App crashes with an output "Trace/Breakpoint Trap" on Linux when a P/Invoke callback is called from a native library if the dotnet debugger is attached.

walterlv commented 4 months ago

Description

Write a .NET 8 application that calls a native library using P/Invoke with a callback.
Run the app, then attach the dotnet debugger before the callback is called.
- Visual Studio Managed (.NET Core for Unix): https://learn.microsoft.com/en-us/visualstudio/debugger/remote-debugging-dotnet-core-linux-with-ssh?view=vs-2022#attach-the-debugger
- JetBrains Rider: https://www.jetbrains.com/help/rider/SSH_Remote_Debugging.html#debug-application-on-remote-machine
We'll see an output "Trace/Breakpoint Trap" and the app crashes.

Note: Not all native callbacks cause this issue so I've written a minimal reproducible example below.

Reproduction Steps

Minimal reproducible example 1:

Clone this repo: https://github.com/walterlv/Walterlv.Issues.TraceBreakpointTrap
build the demo to a linux machine
Run the app, then attach the dotnet debugger.

dotnet publish -c debug -r linux-x64 --self-contained

$ ./TraceBreakpointTrapDemo
### Trace/Breakpoint Trap issue on .NET debugger ###
Please attach a dotnet debugger and use 'Set next statement'.
Trace/breakpoint trap

Reproducible example 2:

https://github.com/Haltroy/CefGlue

Expected behavior

The app should not crash when the dotnet debugger is attached.

Actual behavior

The app crashes with an output "Trace/Breakpoint Trap".

Regression?

I've only tested this on .NET 8.0.302

Known Workarounds

I've found several workarounds:

Detect if the debugger is attached and don't call the callback.
Use the "Native (GDB)" or "Native (LLDB)" debugger instead of the "Managed (.NET Core for Unix)" debugger.

Note:

The Debugger.IsAttached property cannot detect the native debugger so I added alternative options --sleep <seconds> and --skip-attach for the minimal reproducible example above.
The native debugger is very difficult to use, so I hope this issue can be fixed.

Configuration

.NET: 8.0.302
OS:
- Ubuntu 22.04 LTS
- Debian 12
- UnionTech OS GNU/Linux 20
- Kylin V10 SP1
Architecture:
- x64
- ARM64

I didn't find any environment that doesn't have this issue.

Other information

dotnet tool install -g dotnet-sos
dotnet sos install
ulimit -c unlimited
Run echo "0x3F"> /proc/<pid>/coredump_filter after the process starts and the pid is known.
Attach the debugger and wait for the output Trace/Breakpoint Trap (core dumped).
lldb --core core TraceBreakpointTrapDemo

$ lldb --core core TraceBreakpointTrapDemo
SOS_HOSTING: Failed to find runtime directory
Unrecognized command 'setsymbolserver' because managed hosting failed or was disabled.
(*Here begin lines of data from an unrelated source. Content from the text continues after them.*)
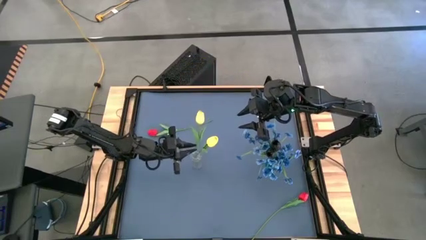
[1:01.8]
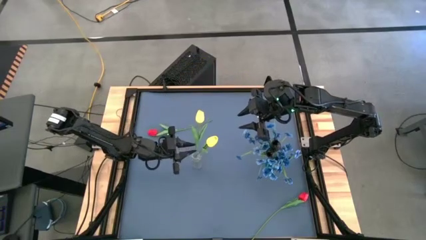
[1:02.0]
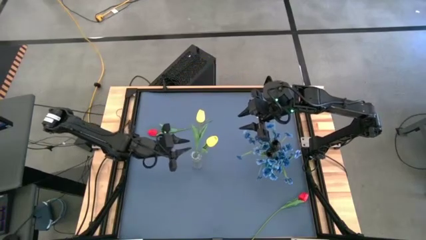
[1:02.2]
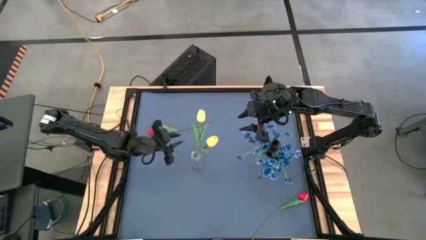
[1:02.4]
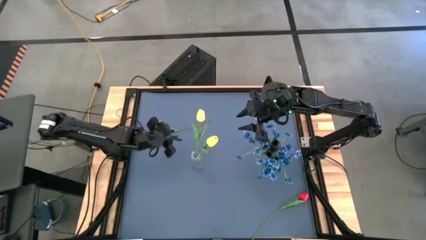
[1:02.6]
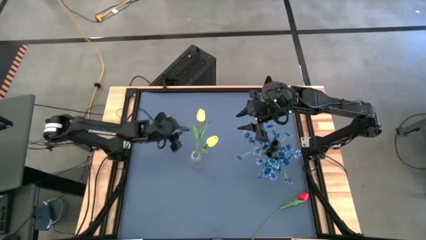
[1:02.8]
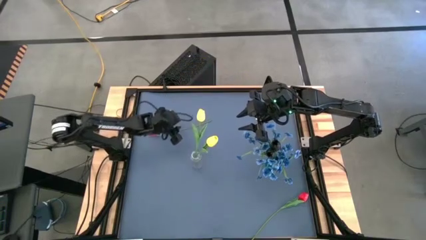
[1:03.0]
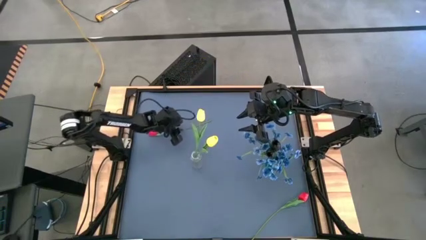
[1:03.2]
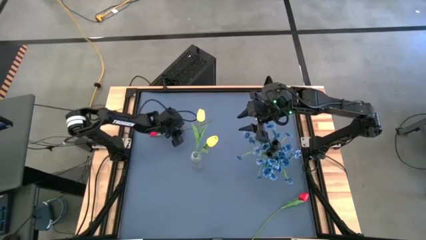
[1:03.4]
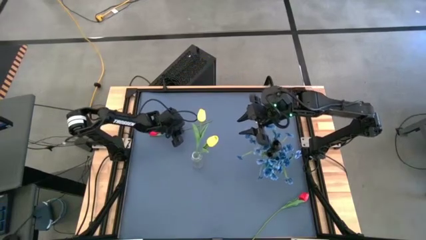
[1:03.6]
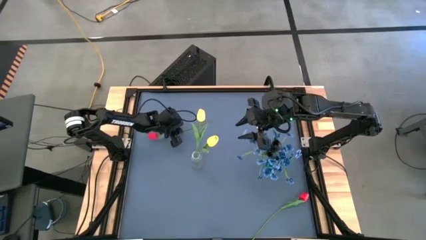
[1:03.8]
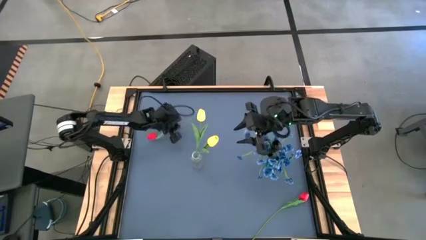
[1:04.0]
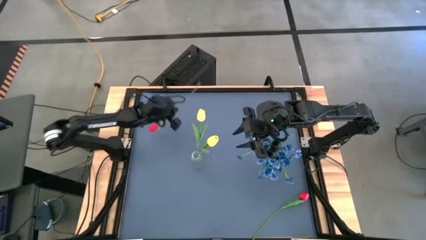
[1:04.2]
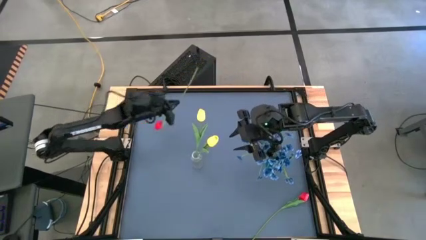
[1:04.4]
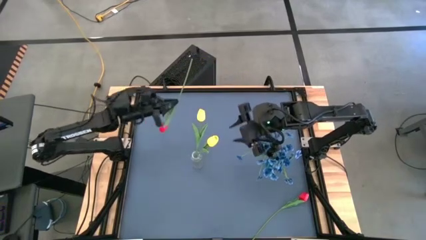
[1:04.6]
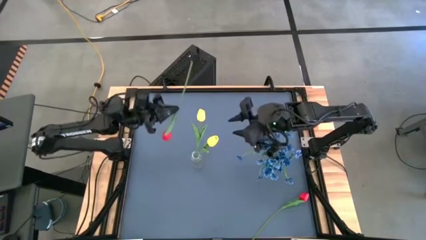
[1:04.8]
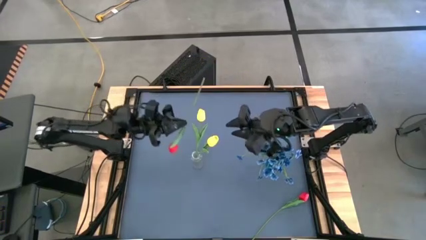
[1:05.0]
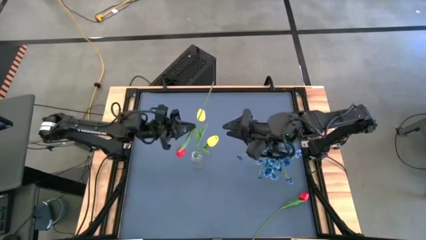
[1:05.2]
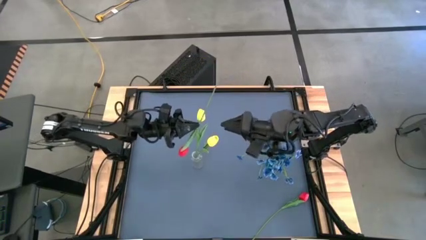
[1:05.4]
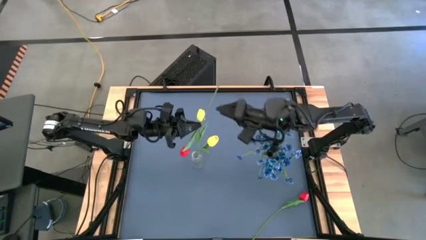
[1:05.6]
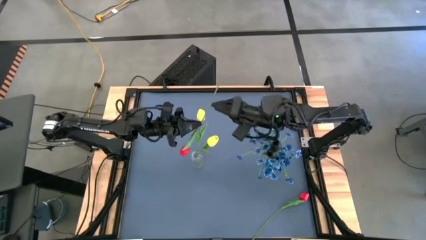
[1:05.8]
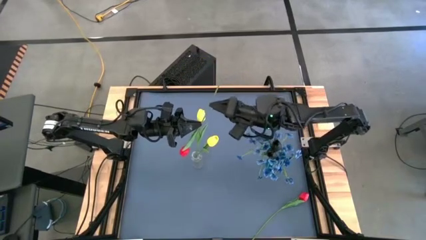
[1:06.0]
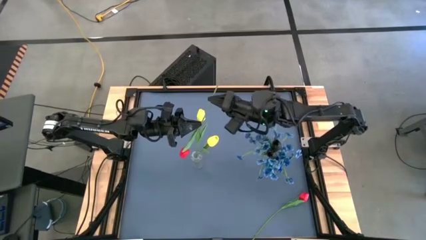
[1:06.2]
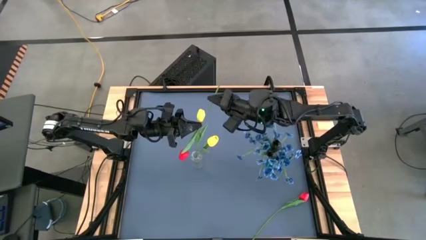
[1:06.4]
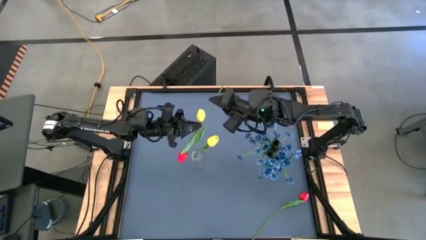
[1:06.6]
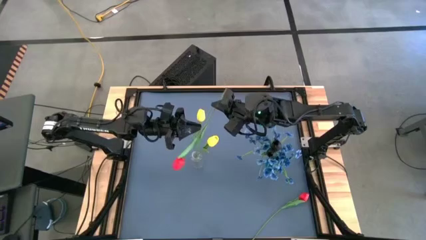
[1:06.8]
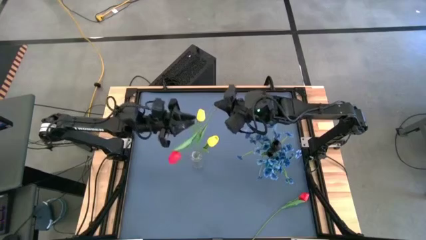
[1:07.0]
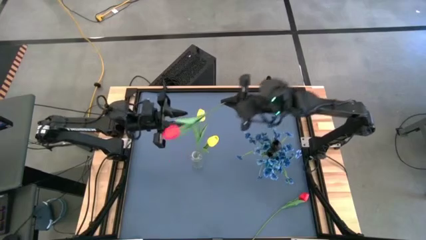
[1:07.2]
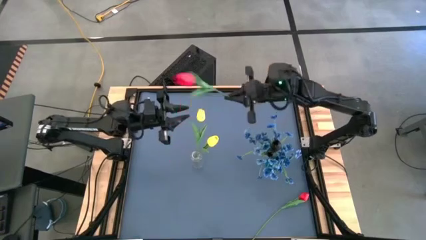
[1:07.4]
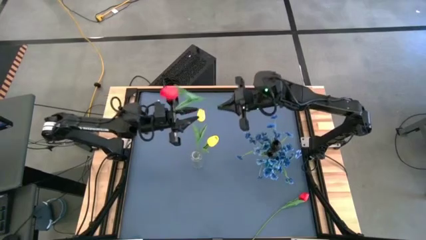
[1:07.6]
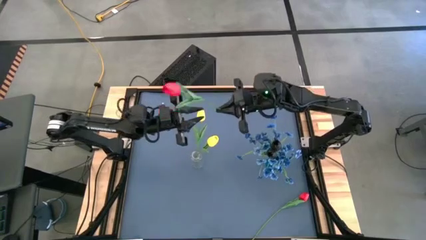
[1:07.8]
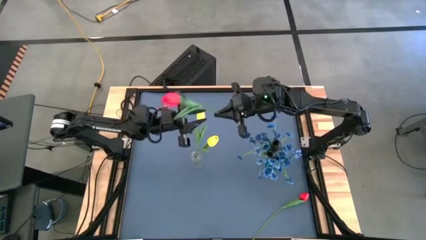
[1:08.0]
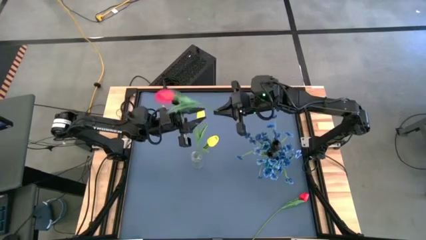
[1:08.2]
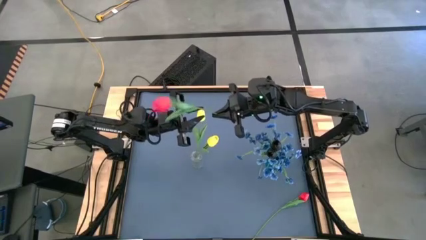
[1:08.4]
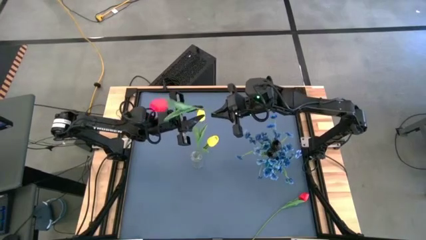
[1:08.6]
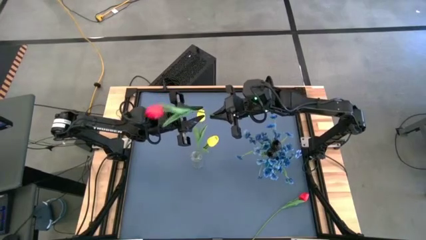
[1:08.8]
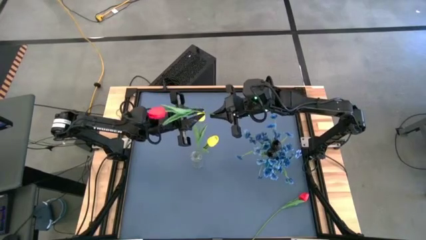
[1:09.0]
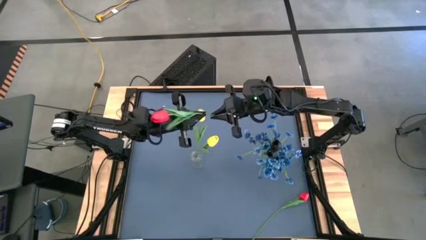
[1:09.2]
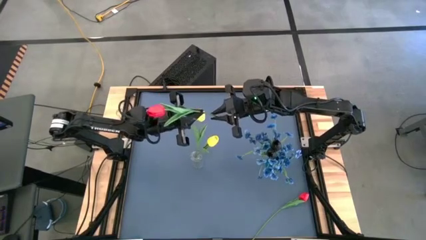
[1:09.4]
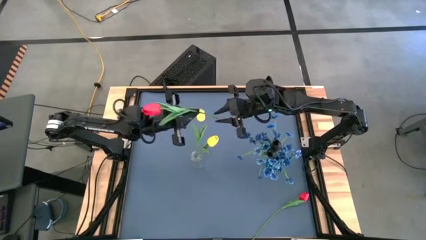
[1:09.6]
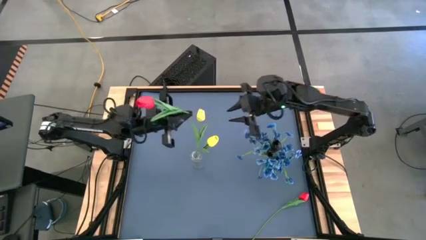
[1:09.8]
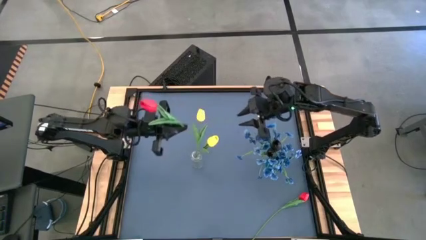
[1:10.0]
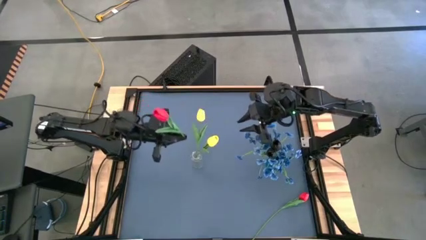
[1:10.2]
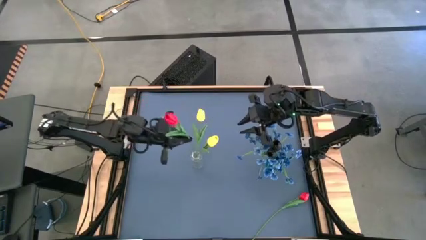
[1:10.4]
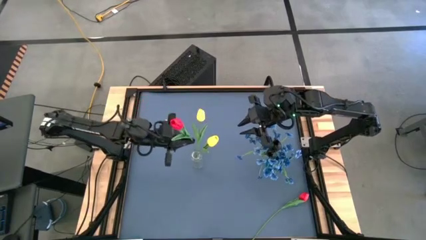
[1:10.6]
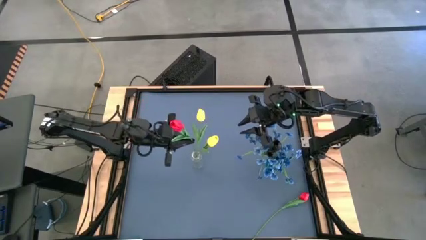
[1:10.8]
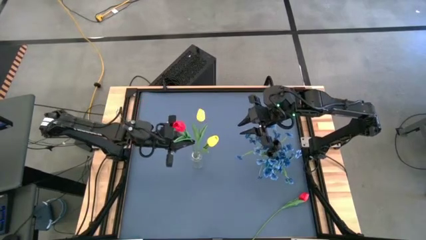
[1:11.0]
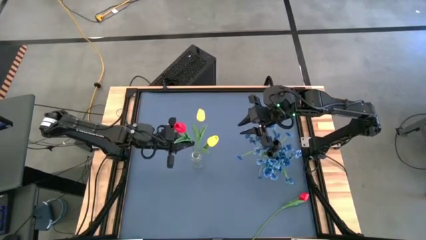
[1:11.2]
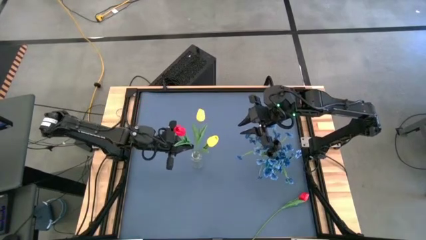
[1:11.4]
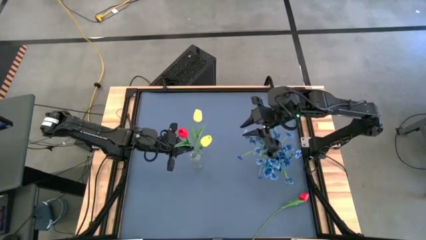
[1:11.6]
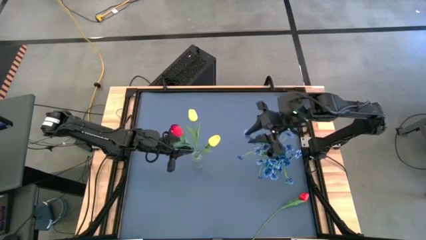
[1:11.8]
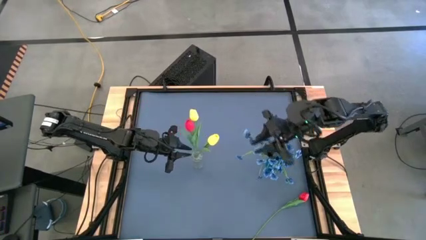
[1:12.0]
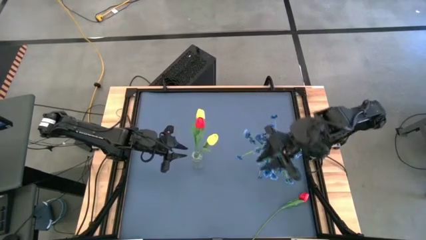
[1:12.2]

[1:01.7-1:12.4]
Task: Sort flowers into vase by color
Put the top red flower into the transparent vase

See sethostruntime command for details.
(lldb) target create "TraceBreakpointTrapDemo" --core "core"
Core file '/home/uos/lvyi/Walterlv.Issue.TraceBreakpointTrap/core' (x86_64) was loaded.
(lldb) clrstack
OS Thread Id: 0x7ef9 (1)
        Child SP               IP Call Site
00007F4AF37DBA38 00007F4AF45F3B41 Walterlv.Issues.TraceBreakpointTrap.VolumeManager.ContextStateCallback(IntPtr, IntPtr)
(lldb) bt
* thread #1, name = 'TraceBreakpoint', stop reason = signal SIGTRAP
  * frame #0: 0x00007f4af45f3b41
    frame #1: 0x00007f4b6ba904f9 libpulse.so.0`___lldb_unnamed_symbol12$$libpulse.so.0 + 73
    frame #2: 0x00007f4b6ba93002 libpulse.so.0`___lldb_unnamed_symbol28$$libpulse.so.0 + 514
    frame #3: 0x00007f4b6ba931d2 libpulse.so.0`___lldb_unnamed_symbol29$$libpulse.so.0 + 98
    frame #4: 0x00007f4b6ba459b2 libpulsecommon-14.2.so`___lldb_unnamed_symbol101$$libpulsecommon-14.2.so + 258
    frame #5: 0x00007f4b6baa63c0 libpulse.so.0`pa_mainloop_dispatch + 672
    frame #6: 0x00007f4b6baa65cc libpulse.so.0`pa_mainloop_iterate + 60
    frame #7: 0x00007f4b6baa6670 libpulse.so.0`pa_mainloop_run + 32
    frame #8: 0x00007f4b6bab43f9 libpulse.so.0`___lldb_unnamed_symbol111$$libpulse.so.0 + 105
    frame #9: 0x00007f4b6ba51628 libpulsecommon-14.2.so`___lldb_unnamed_symbol119$$libpulsecommon-14.2.so + 88
    frame #10: 0x00007f4b73452fa3 libpthread.so.0`start_thread(arg=<unavailable>) at pthread_create.c:486
    frame #11: 0x00007f4b7305d60f libc.so.6`__GI___clone at clone.S:95
(lldb) dis
->  0x7f4af45f3b41: subq   $0x20, %rsp
    0x7f4af45f3b45: leaq   0x20(%rsp), %rbp
    0x7f4af45f3b4a: movq   %rdi, -0x8(%rbp)
    0x7f4af45f3b4e: movq   %rsi, -0x10(%rbp)
    0x7f4af45f3b52: movq   %rdx, -0x18(%rbp)
    0x7f4af45f3b56: cmpl   $0x0, 0x897d3(%rip)
    0x7f4af45f3b5d: je     0x7f4af45f3b64
(lldb)

dotnet-policy-service[bot] commented 4 months ago

Tagging subscribers to this area: @tommcdon See info in area-owners.md if you want to be subscribed.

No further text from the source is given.